— TASK DETAILS —
Could you restate the entries word for word, without the images?

— RECORDS TO USE —

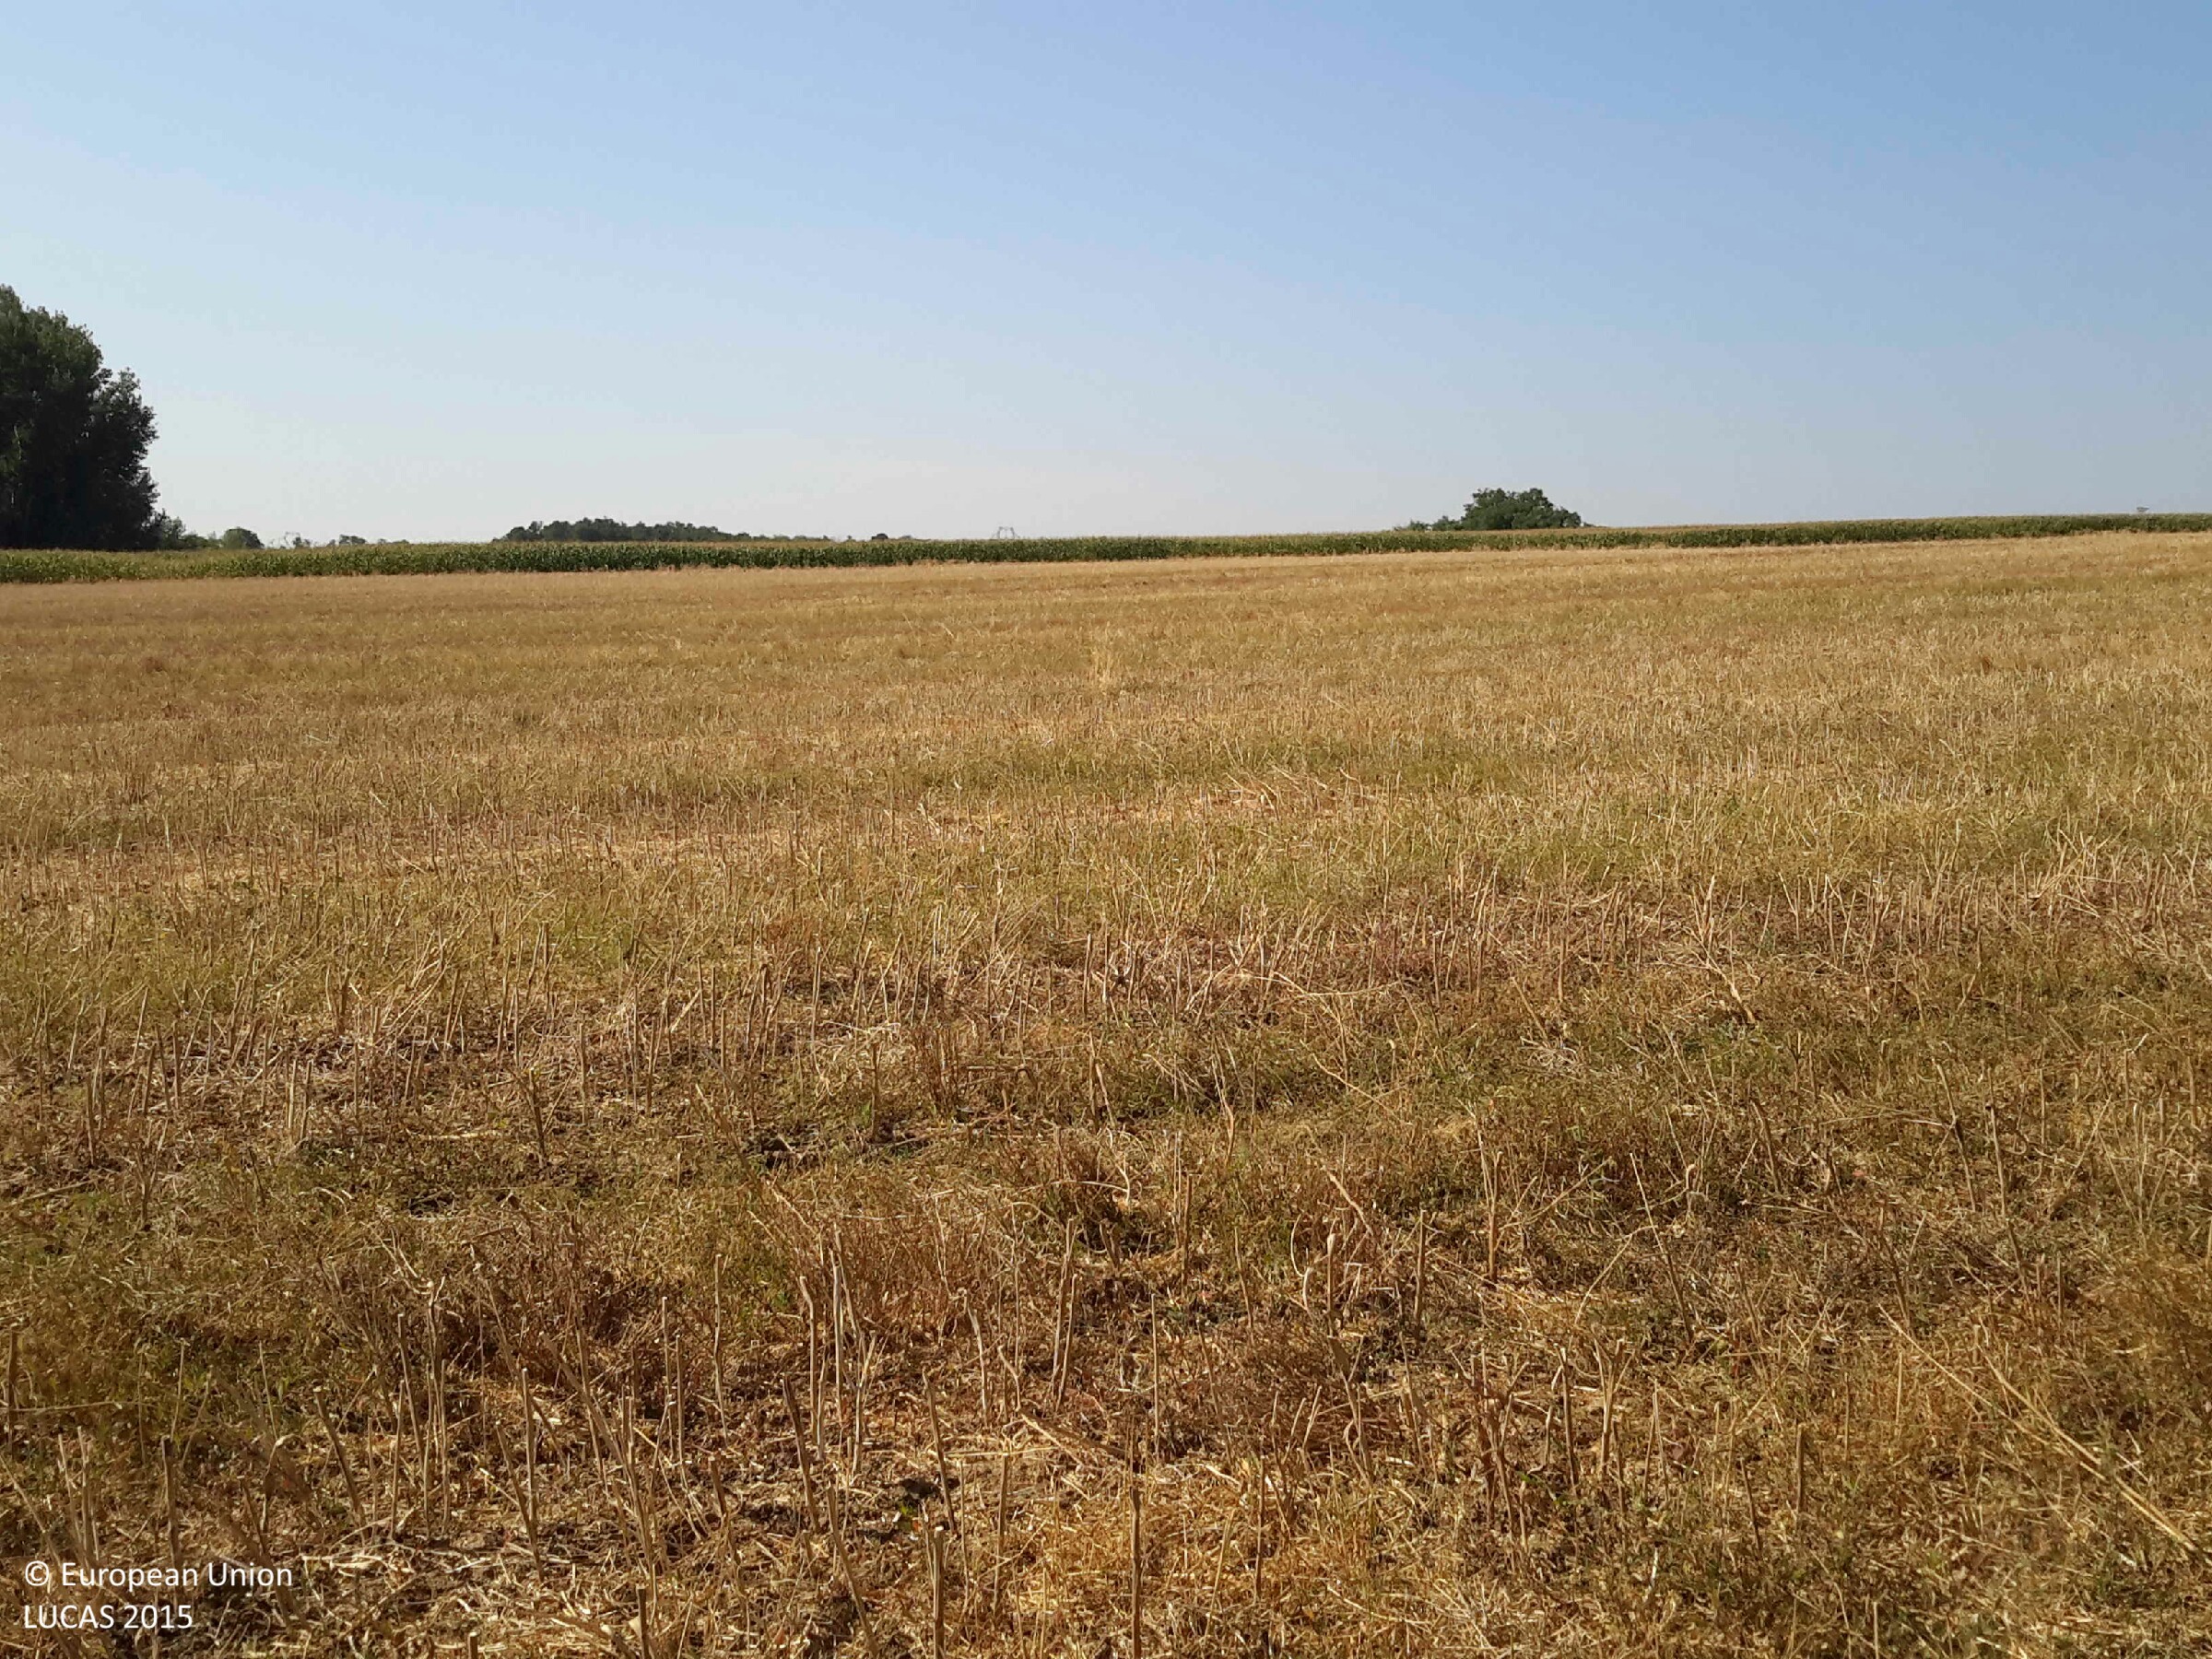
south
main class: Cropland
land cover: Rape and turnip rape
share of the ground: < 10 %
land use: Agriculture (excluding fallow land and kitchen gardens)
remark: Harvested field
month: July
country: HU
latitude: 47.4891
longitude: 17.8806
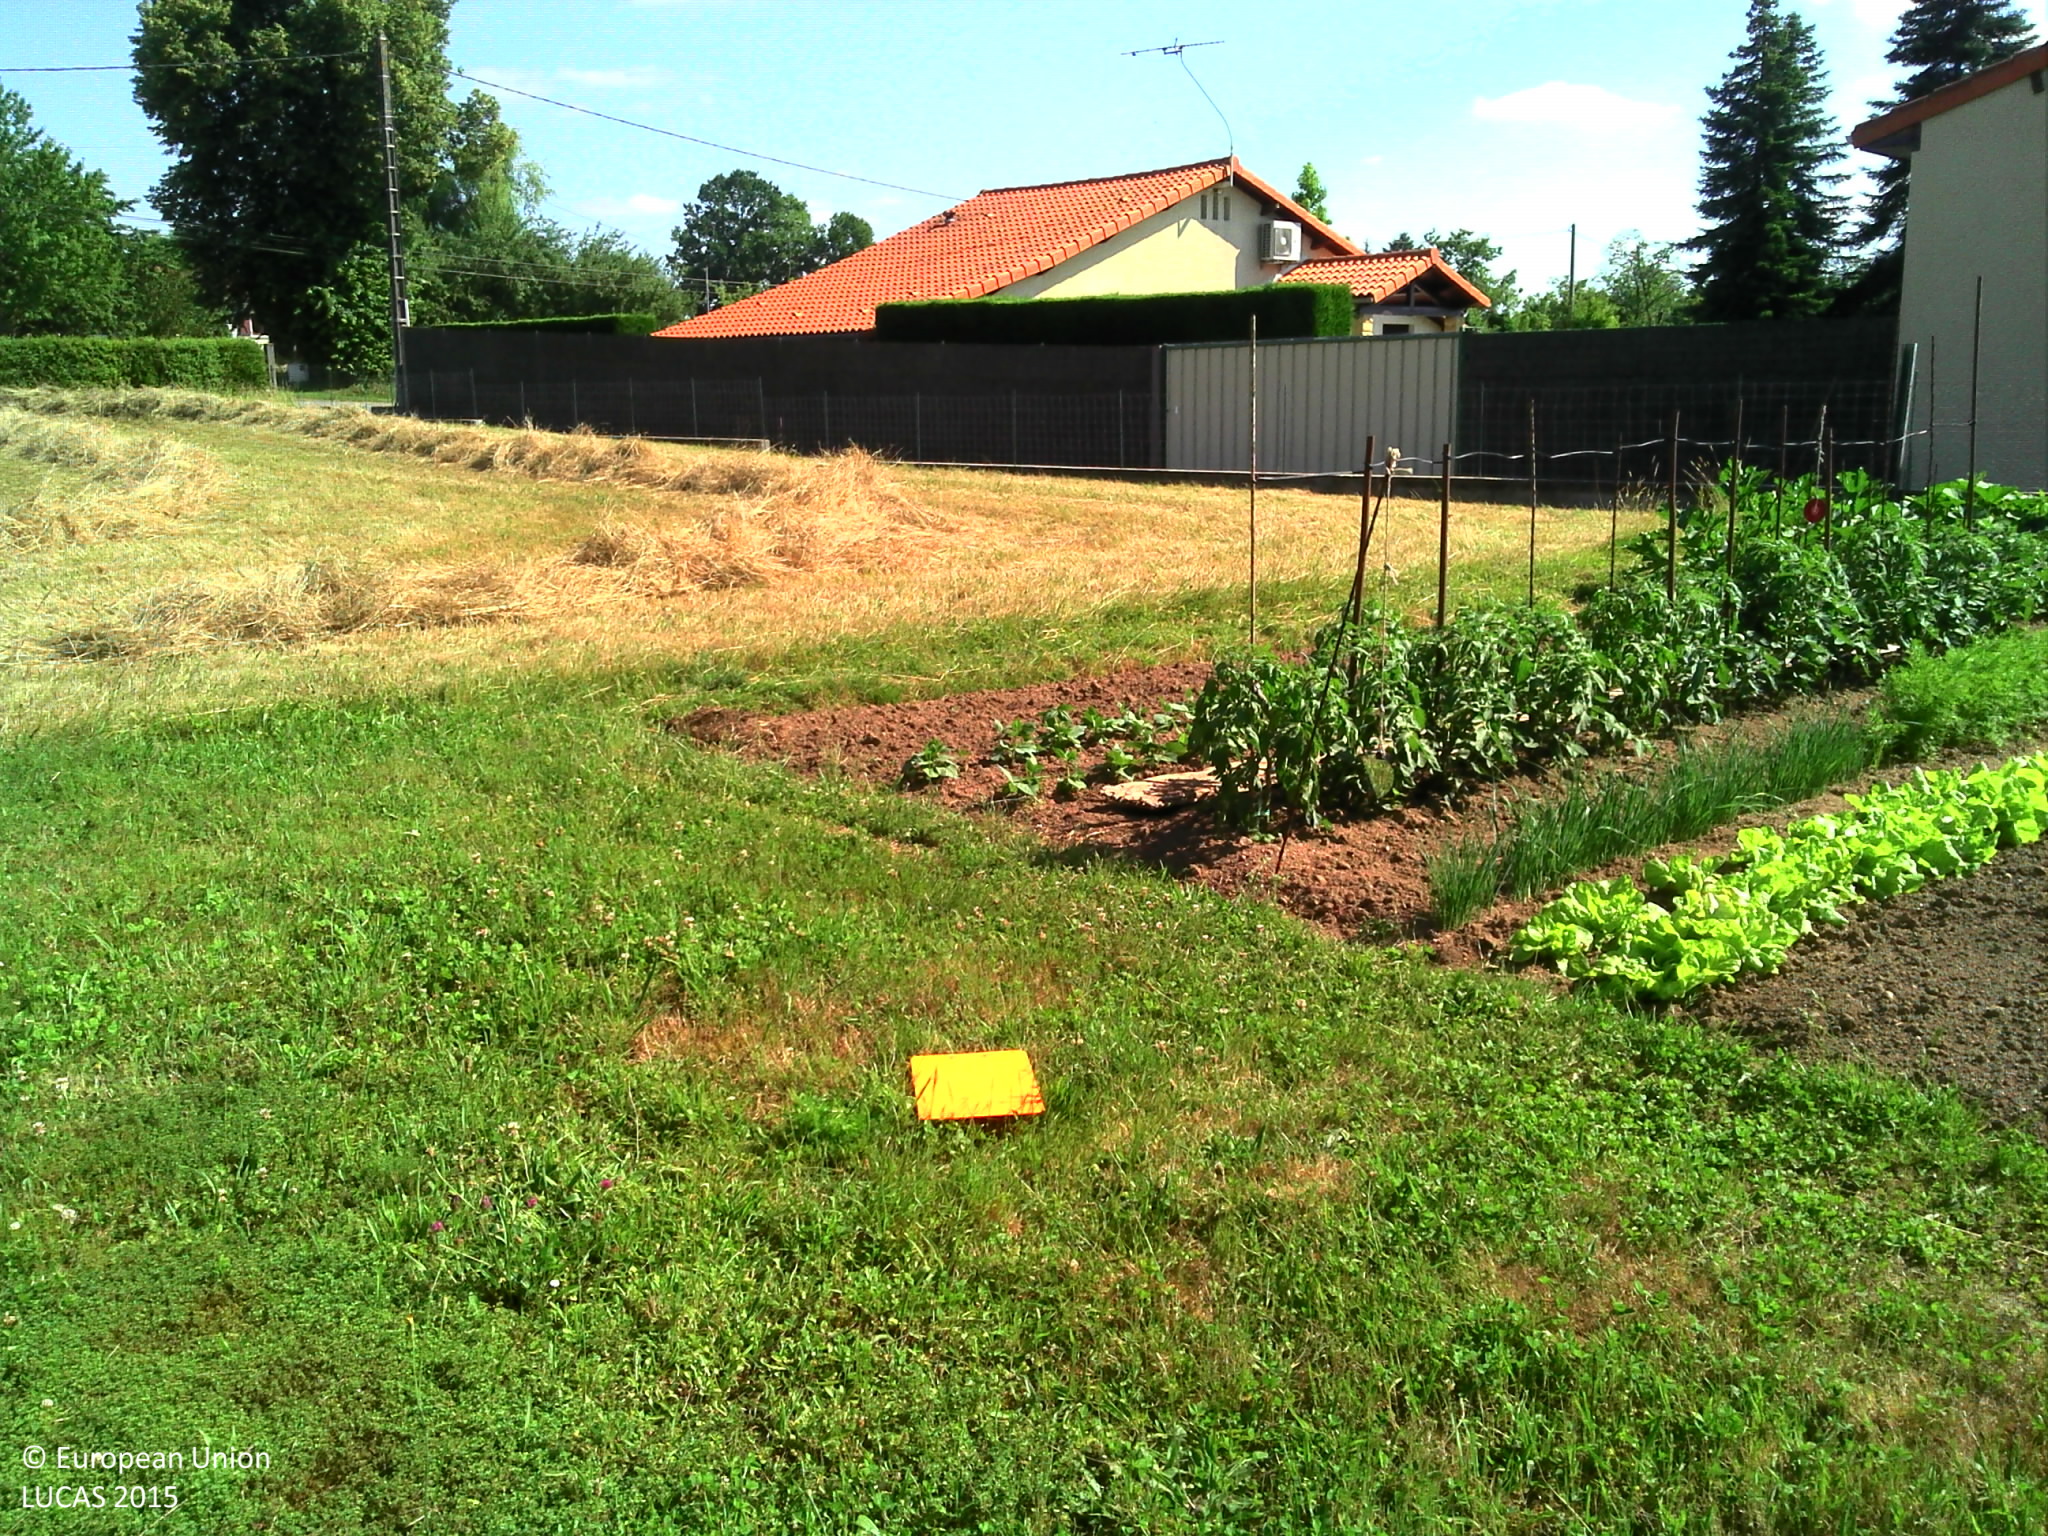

— RESPONSE TO THE TASK —
south
main class: Cropland
land cover: Rape and turnip rape
share of the ground: < 10 %
land use: Agriculture (excluding fallow land and kitchen gardens)
remark: Harvested field
month: July
country: HU
latitude: 47.4891
longitude: 17.8806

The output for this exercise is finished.